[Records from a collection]
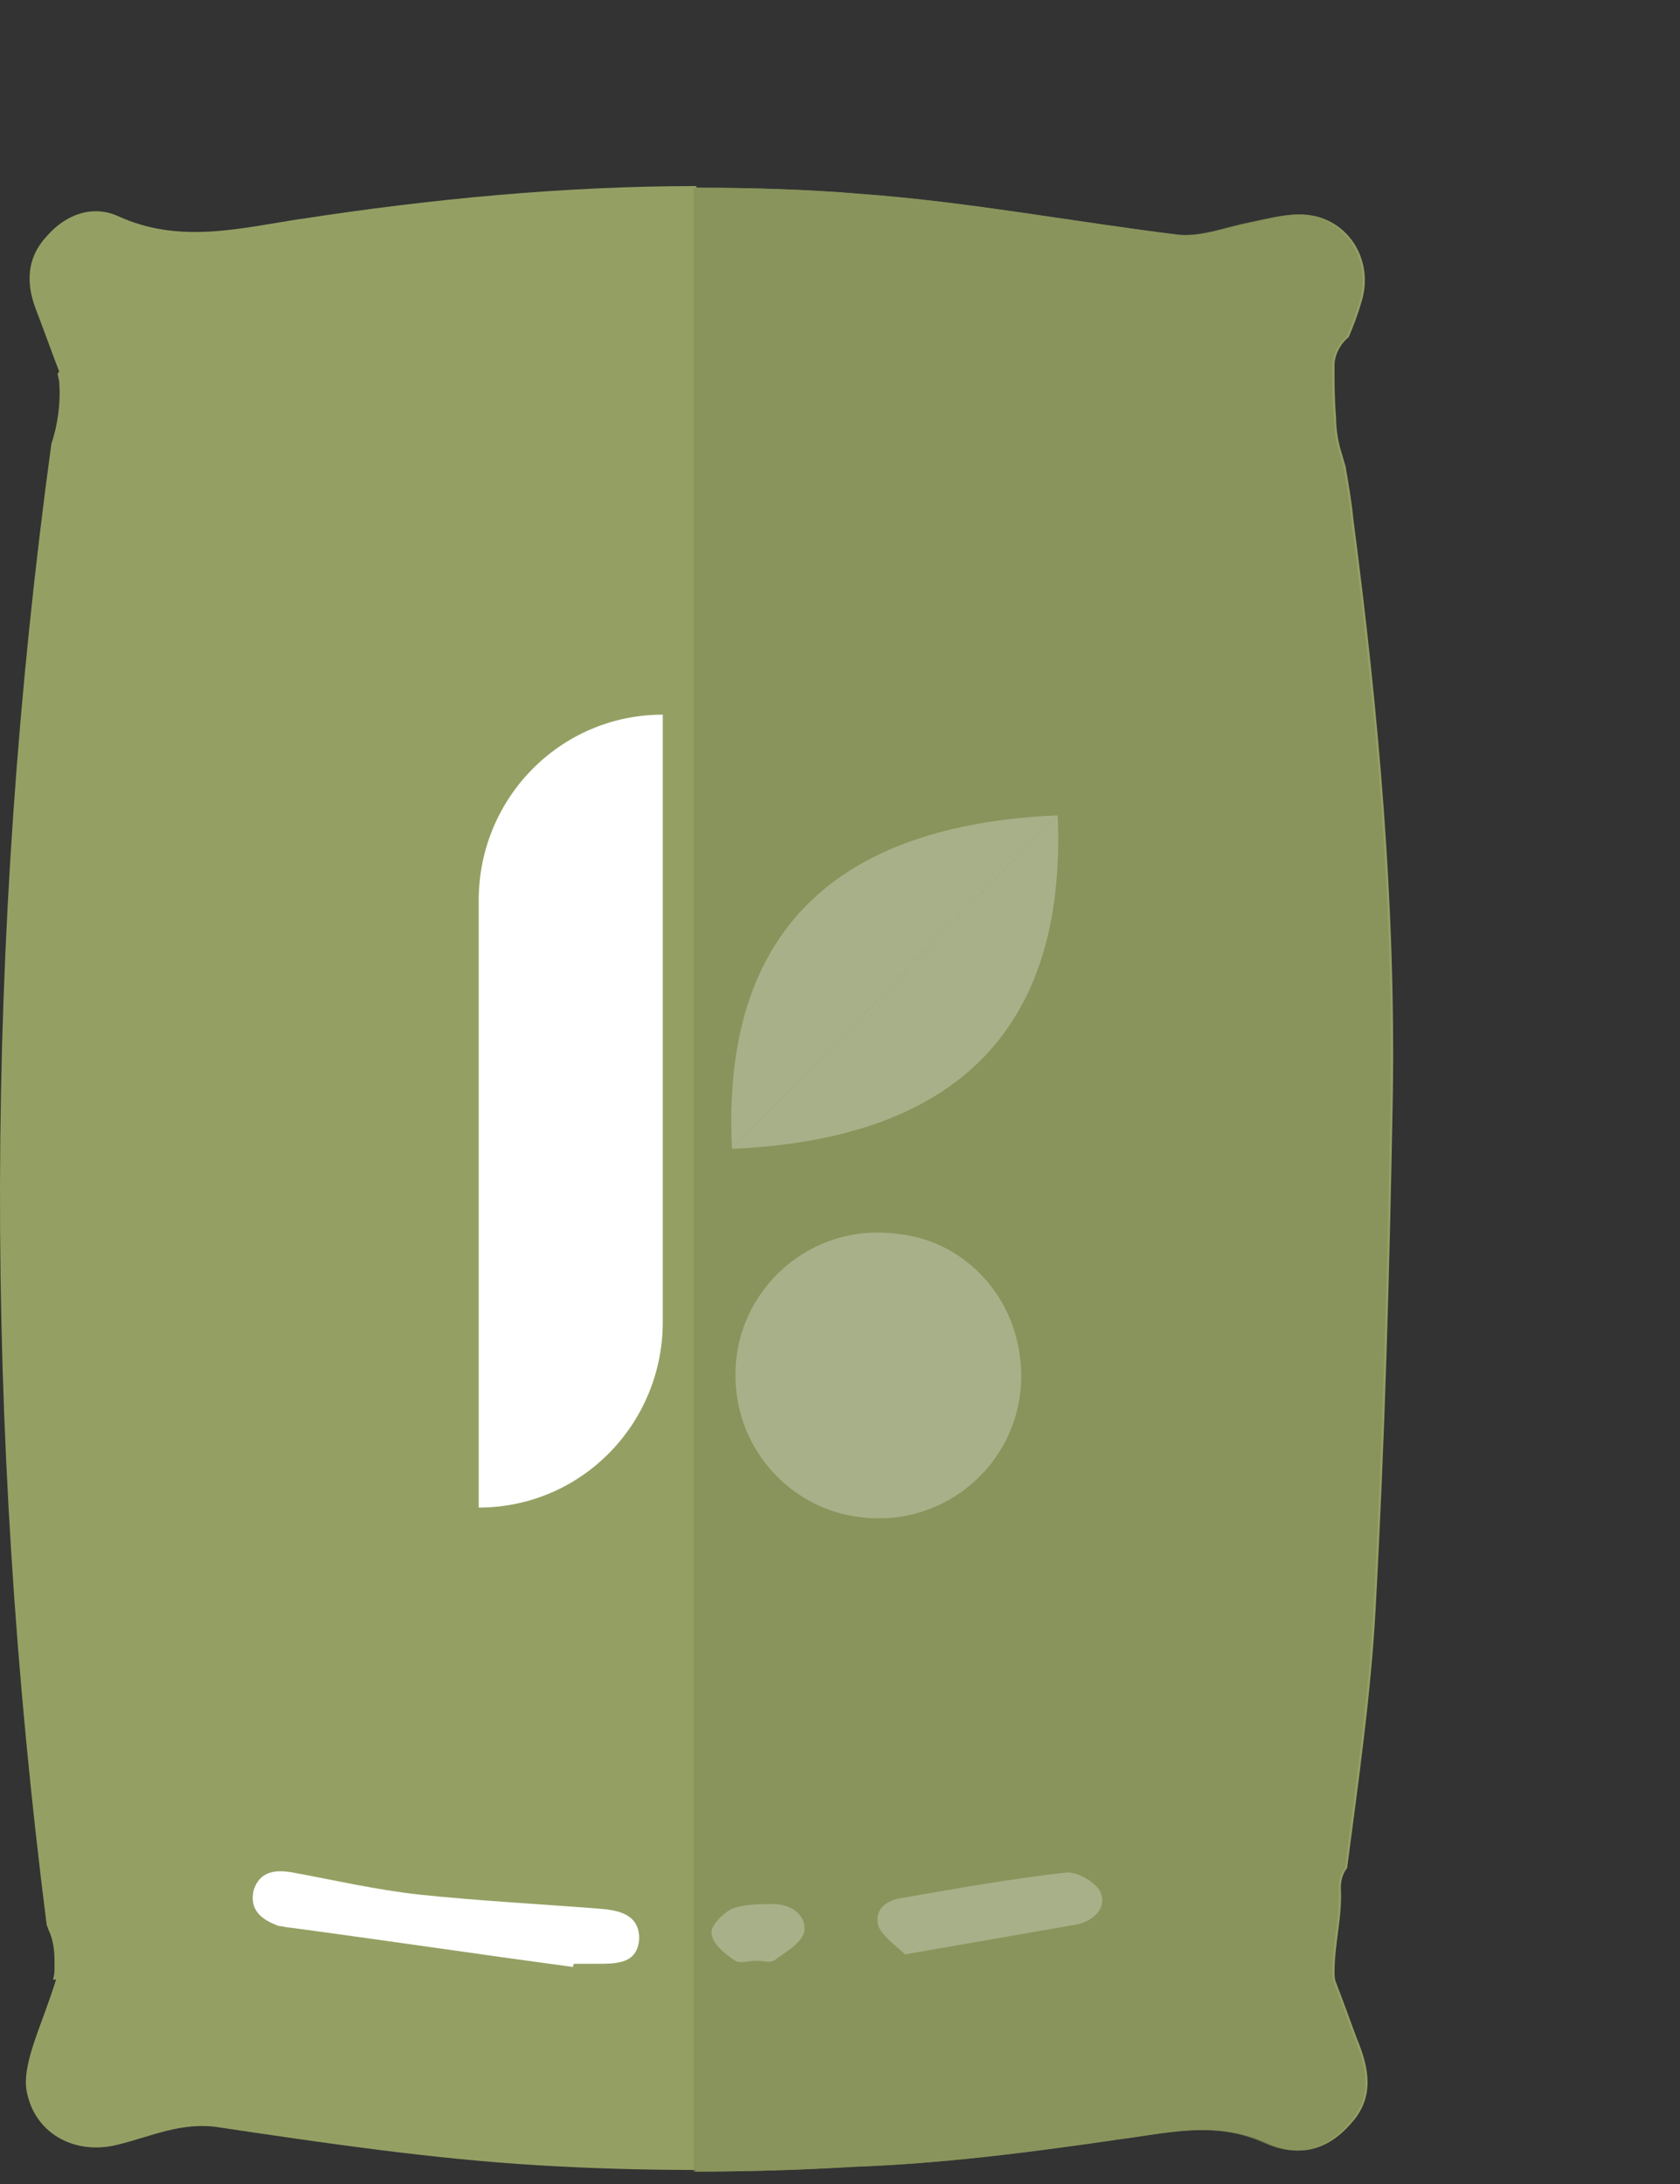 <?xml version="1.0" encoding="UTF-8"?>
<!DOCTYPE svg PUBLIC "-//W3C//DTD SVG 1.1//EN" "http://www.w3.org/Graphics/SVG/1.1/DTD/svg11.dtd">
<!-- Creator: CorelDRAW 2021 (64-Bit) -->
<svg xmlns="http://www.w3.org/2000/svg" xml:space="preserve" width="308.804mm" height="401.47mm" version="1.1" style="shape-rendering:geometricPrecision; text-rendering:geometricPrecision; image-rendering:optimizeQuality; fill-rule:evenodd; clip-rule:evenodd"
viewBox="0 0 10550.22 13716.14"
 xmlns:xlink="http://www.w3.org/1999/xlink"
 xmlns:xodm="http://www.corel.com/coreldraw/odm/2003">
 <rect x="0" y="0" width="10550.22" height="13716.14" fill="#333333" stroke="none"/>
 <defs>
  <style type="text/css">
   <![CDATA[
    .fil3 {fill:none}
    .fil0 {fill:#94A063;fill-rule:nonzero}
    .fil1 {fill:white;fill-rule:nonzero}
    .fil2 {fill:#838F57;fill-rule:nonzero;fill-opacity:0.702}
   ]]>
  </style>
 </defs>
 <g id="Capa_x0020_1">
  <path class="fil0" d="M1883.74 1375.52c-385.3,59.37 -760.7,158.02 -1145.99,-19.79 -158.02,-69.27 -325.93,-9.89 -444.67,128.32 -128.32,138.23 -128.32,296.55 -69.26,454.57 49.47,128.33 98.64,266.87 148.11,395.19 0,0 0,0 -9.89,9.89 0,19.8 9.89,39.59 9.89,59.38 9.89,128.32 -9.89,266.87 -49.47,385.3 -424.87,3112.07 -424.87,6184.88 -29.68,9296.95 0,9.89 9.89,19.79 9.89,29.68 29.68,59.37 39.59,128.32 39.59,197.6 0,19.79 0,29.68 0,39.58 0,29.68 0,49.47 -9.89,79.17 9.89,0 9.89,0 19.79,0 -49.47,158.02 -98.96,276.76 -138.23,395.19 -29.68,89.06 -59.37,197.6 -49.47,286.66 39.58,276.76 296.55,424.87 573.01,355.61 207.49,-49.47 405.1,-148.12 642.27,-108.53 662.06,98.64 1333.69,197.6 1995.76,237.18 325.93,19.79 662.06,29.68 997.88,29.68l0 -12458.51c-820.07,0 -1659.94,79.17 -2489.6,207.49l-0.03 -0.62z"/>
  <path class="fil0" d="M6997.77 13439.14c325.93,-39.58 632.37,-128.33 958.3,19.79 197.6,89.06 375.4,49.47 523.52,-118.44 158.02,-167.91 118.44,-355.61 39.58,-543.31 -39.58,-108.53 -79.17,-217.38 -128.32,-345.72 0,0 0,0 0,0 -9.89,-19.79 -9.89,-49.47 -9.89,-69.27 0,-177.81 49.47,-345.72 39.58,-523.52 0,-49.47 9.89,-89.06 39.58,-128.33 69.27,-533.42 148.12,-1077.05 177.81,-1610.47 59.37,-1077.05 89.05,-2153.78 108.53,-3220.92 19.79,-1215.27 -89.06,-2430.53 -247.08,-3635.91 -9.89,-108.53 -29.68,-217.38 -49.47,-335.82 -9.89,-29.68 -19.79,-69.27 -29.68,-98.64 -19.79,-69.27 -29.68,-138.23 -29.68,-207.49 -9.89,-108.53 -9.89,-217.38 -9.89,-325.93 0,-69.27 39.58,-138.23 89.06,-177.81 29.68,-69.27 59.37,-148.12 79.17,-217.38 89.06,-276.76 -98.64,-553.21 -385.3,-553.21 -98.64,0 -207.49,29.68 -306.14,49.47 -148.12,29.68 -296.55,89.06 -444.67,79.17 -652.16,-79.17 -1323.81,-207.49 -1995.76,-256.97 -345.72,-29.68 -701.33,-39.58 -1047.35,-39.58l0 12458.51c325.93,0 662.06,-9.89 987.99,-29.68 553.21,-19.79 1096.84,-89.06 1640.15,-167.91l-0.04 -0.65z"/>
  <path class="fil1" d="M3599.04 12352.2c-592.79,-79.17 -1185.58,-167.91 -1778.37,-247.08 -19.79,0 -49.47,-9.89 -69.27,-9.89 -108.53,-39.58 -187.7,-98.96 -158.02,-227.28 39.58,-118.44 138.23,-128.33 247.08,-108.53 266.87,49.47 523.52,108.53 790.39,138.23 375.4,39.58 760.71,59.37 1136.11,89.06 128.33,9.89 247.08,39.58 247.08,187.7 -9.89,158.02 -138.23,158.02 -266.87,158.02 -49.47,0 -89.06,0 -138.23,0 -9.89,0 -9.89,9.89 -9.89,19.79l0 -0.01z"/>
  <path class="fil1" d="M5683.55 12273.34c-49.47,-49.47 -138.23,-108.53 -167.91,-177.81 -29.68,-108.53 59.38,-167.91 158.02,-177.81 335.82,-59.38 671.95,-118.44 1017.67,-158.02 69.26,-9.89 187.7,59.37 217.38,118.44 49.47,108.53 -49.47,187.7 -148.12,207.49 -335.82,59.38 -681.85,118.44 -1077.05,187.7l0 0.01z"/>
  <path class="fil1" d="M3006.24 9467.41l0 0 0 -3813.72c0,-642.27 513.63,-1165.79 1155.9,-1165.79l0 0 0 3813.72c0,642.27 -513.63,1165.79 -1155.9,1165.79z"/>
  <path class="fil1" d="M6404.97 8519c79.17,592.8 -424.87,1086.94 -1007.78,1007.78 -405.1,-49.47 -721.12,-375.4 -770.59,-770.59 -79.17,-592.8 424.87,-1086.94 1007.78,-1007.78 405.1,39.58 721.12,365.51 770.59,770.59z"/>
  <path class="fil1" d="M6642.14 5120.28c-1383.18,59.37 -2114.19,721.12 -2045.23,2094.4l2045.23 -2094.4zm0 0l0 0 0 0z"/>
  <path class="fil1" d="M4596.92 7214.68c1373.28,-59.37 2104.3,-721.12 2045.23,-2094.4l-2045.23 2094.4zm0 0l0 0 0 0z"/>
  <path class="fil1" d="M4754.94 12312.93c-49.47,0 -108.53,19.79 -138.23,0 -59.38,-39.58 -138.23,-98.64 -148.12,-167.91 -9.89,-49.47 69.27,-128.33 128.33,-158.02 79.17,-29.68 167.91,-29.68 256.96,-29.68 118.44,0 207.49,69.27 197.6,167.91 -9.89,69.26 -108.53,128.32 -177.81,177.81 -29.68,29.68 -79.17,9.89 -118.44,9.89 0,0 0,0 0,0l-0.3 0z"/>
  <path class="fil2" d="M6983.84 13439.14c325.93,-39.58 632.37,-128.33 958.3,19.79 197.61,89.06 375.4,49.47 523.52,-118.44 158.02,-167.91 118.44,-355.61 39.58,-543.31 -39.58,-108.53 -79.17,-217.38 -128.33,-345.72 0,0 0,0 0,0 -9.89,-19.79 -9.89,-49.47 -9.89,-69.27 0,-177.81 49.47,-345.72 39.58,-523.52 0,-49.47 9.89,-89.06 39.58,-128.33 69.27,-533.42 148.12,-1077.05 177.81,-1610.47 59.37,-1077.05 89.06,-2153.78 108.53,-3220.92 19.79,-1215.27 -89.06,-2430.53 -247.08,-3635.91 -9.89,-108.53 -29.68,-217.38 -49.47,-335.82 -9.89,-29.68 -19.79,-69.27 -29.68,-98.64 -19.79,-69.27 -29.68,-138.23 -29.68,-207.49 -9.89,-108.53 -9.89,-217.38 -9.89,-325.93 0,-69.27 39.58,-138.23 89.06,-177.81 29.68,-69.27 59.37,-148.12 79.17,-217.38 89.06,-276.76 -98.64,-553.21 -385.3,-553.21 -98.64,0 -207.49,29.68 -306.14,49.47 -148.11,29.68 -296.55,89.06 -444.67,79.17 -652.16,-79.17 -1323.81,-207.49 -1995.76,-256.97 -345.72,-29.68 -701.33,-39.58 -1047.35,-39.58l0 12458.51c325.93,0 662.06,-9.89 987.99,-29.68 553.21,-19.79 1096.84,-89.06 1640.15,-167.91l-0.04 -0.65z"/>
  <polygon class="fil3" points="10550.22,0 5.53,0 5.53,13716.14 10550.22,13716.14 "/>
 </g>
</svg>

> **Exercise brief**: Write out, from the lines above, only those from the line with "12352.2c-592.79,-79.17 -1185.58,-167.91 -1778.37,-247.08" to the line with "12312.93c-49.47,0 -108.53,19.79 -138.23,0", exactly as given, including the first and the last.

> **Task output**:
  <path class="fil1" d="M3599.04 12352.2c-592.79,-79.17 -1185.58,-167.91 -1778.37,-247.08 -19.79,0 -49.47,-9.89 -69.27,-9.89 -108.53,-39.58 -187.7,-98.96 -158.02,-227.28 39.58,-118.44 138.23,-128.33 247.08,-108.53 266.87,49.47 523.52,108.53 790.39,138.23 375.4,39.58 760.71,59.37 1136.11,89.06 128.33,9.89 247.08,39.58 247.08,187.7 -9.89,158.02 -138.23,158.02 -266.87,158.02 -49.47,0 -89.06,0 -138.23,0 -9.89,0 -9.89,9.89 -9.89,19.79l0 -0.01z"/>
  <path class="fil1" d="M5683.55 12273.34c-49.47,-49.47 -138.23,-108.53 -167.91,-177.81 -29.68,-108.53 59.38,-167.91 158.02,-177.81 335.82,-59.38 671.95,-118.44 1017.67,-158.02 69.26,-9.89 187.7,59.37 217.38,118.44 49.47,108.53 -49.47,187.7 -148.12,207.49 -335.82,59.38 -681.85,118.44 -1077.05,187.7l0 0.01z"/>
  <path class="fil1" d="M3006.24 9467.41l0 0 0 -3813.72c0,-642.27 513.63,-1165.79 1155.9,-1165.79l0 0 0 3813.72c0,642.27 -513.63,1165.79 -1155.9,1165.79z"/>
  <path class="fil1" d="M6404.97 8519c79.17,592.8 -424.87,1086.94 -1007.78,1007.78 -405.1,-49.47 -721.12,-375.4 -770.59,-770.59 -79.17,-592.8 424.87,-1086.94 1007.78,-1007.78 405.1,39.58 721.12,365.51 770.59,770.59z"/>
  <path class="fil1" d="M6642.14 5120.28c-1383.18,59.37 -2114.19,721.12 -2045.23,2094.4l2045.23 -2094.4zm0 0l0 0 0 0z"/>
  <path class="fil1" d="M4596.92 7214.68c1373.28,-59.37 2104.3,-721.12 2045.23,-2094.4l-2045.23 2094.4zm0 0l0 0 0 0z"/>
  <path class="fil1" d="M4754.94 12312.93c-49.47,0 -108.53,19.79 -138.23,0 -59.38,-39.58 -138.23,-98.64 -148.12,-167.91 -9.89,-49.47 69.27,-128.33 128.33,-158.02 79.17,-29.68 167.91,-29.68 256.96,-29.68 118.44,0 207.49,69.27 197.6,167.91 -9.89,69.26 -108.53,128.32 -177.81,177.81 -29.68,29.68 -79.17,9.89 -118.44,9.89 0,0 0,0 0,0l-0.3 0z"/>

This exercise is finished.